Nearly four decades after Marsha and Allen Barnett lost two of their three sons to a puzzling and deadly childhood disease, researchers at Children’s Hospital of Philadelphia (CHOP) could finally answer the question: What killed Chuckie and Michael Barnett?
The brothers — aged 5 and 10 when they passed away — died two years apart in the early 1980s after a series of debilitating symptoms attacked their nervous systems and sapped their energy. After the deaths, doctors were only able to provide a name for the disease — Leigh syndrome. The exact gene mutation that caused the brothers’ syndrome remained a mystery for more than 35 years.
In 2018, CHOP researchers identified the Barnett family’s specific inherited mutation: a change in one nuclear gene that arose spontaneously in previous generations of both parents’ Ashkenazi Jewish ancestors. The revelation prompted the Barnetts to offer additional support for mitochondrial research at CHOP that could help other families facing complex or unknown mitochondrial disorders.

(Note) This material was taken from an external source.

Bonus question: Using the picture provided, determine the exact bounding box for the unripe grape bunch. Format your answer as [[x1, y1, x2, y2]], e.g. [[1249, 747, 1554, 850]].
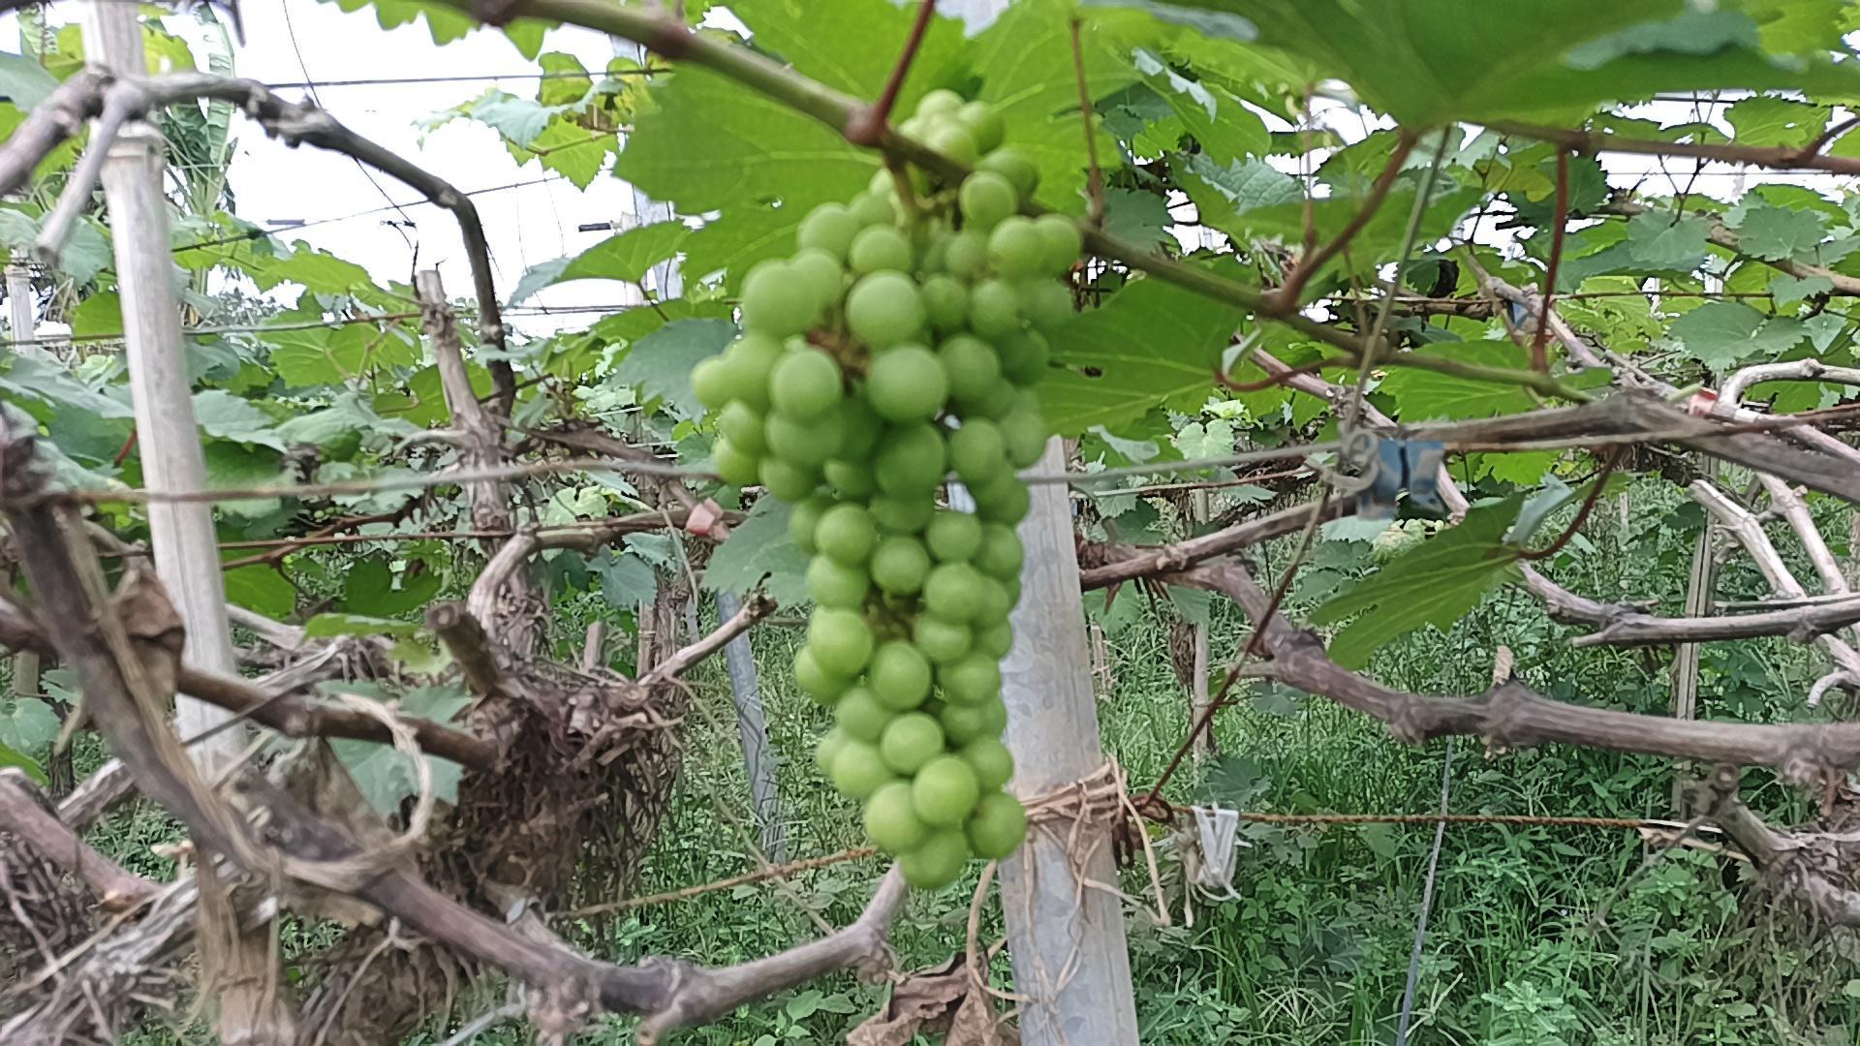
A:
[[692, 91, 1080, 886]]

The Barnetts pledged $2 million to CHOP to establish the Barnett Family Mitochondrial Medicine Research Endowment. The fund will advance mitochondrial research and support the ongoing work of Marni J. Falk, MD, Executive Director of Mitochondrial Medicine, and Douglas C. Wallace, PhD, Director of the Center for Mitochondrial and Epigenomic Medicine. These clinical and research programs work closely together to find answers, improve care and develop precision therapies for mitochondrial disease patients of all ages.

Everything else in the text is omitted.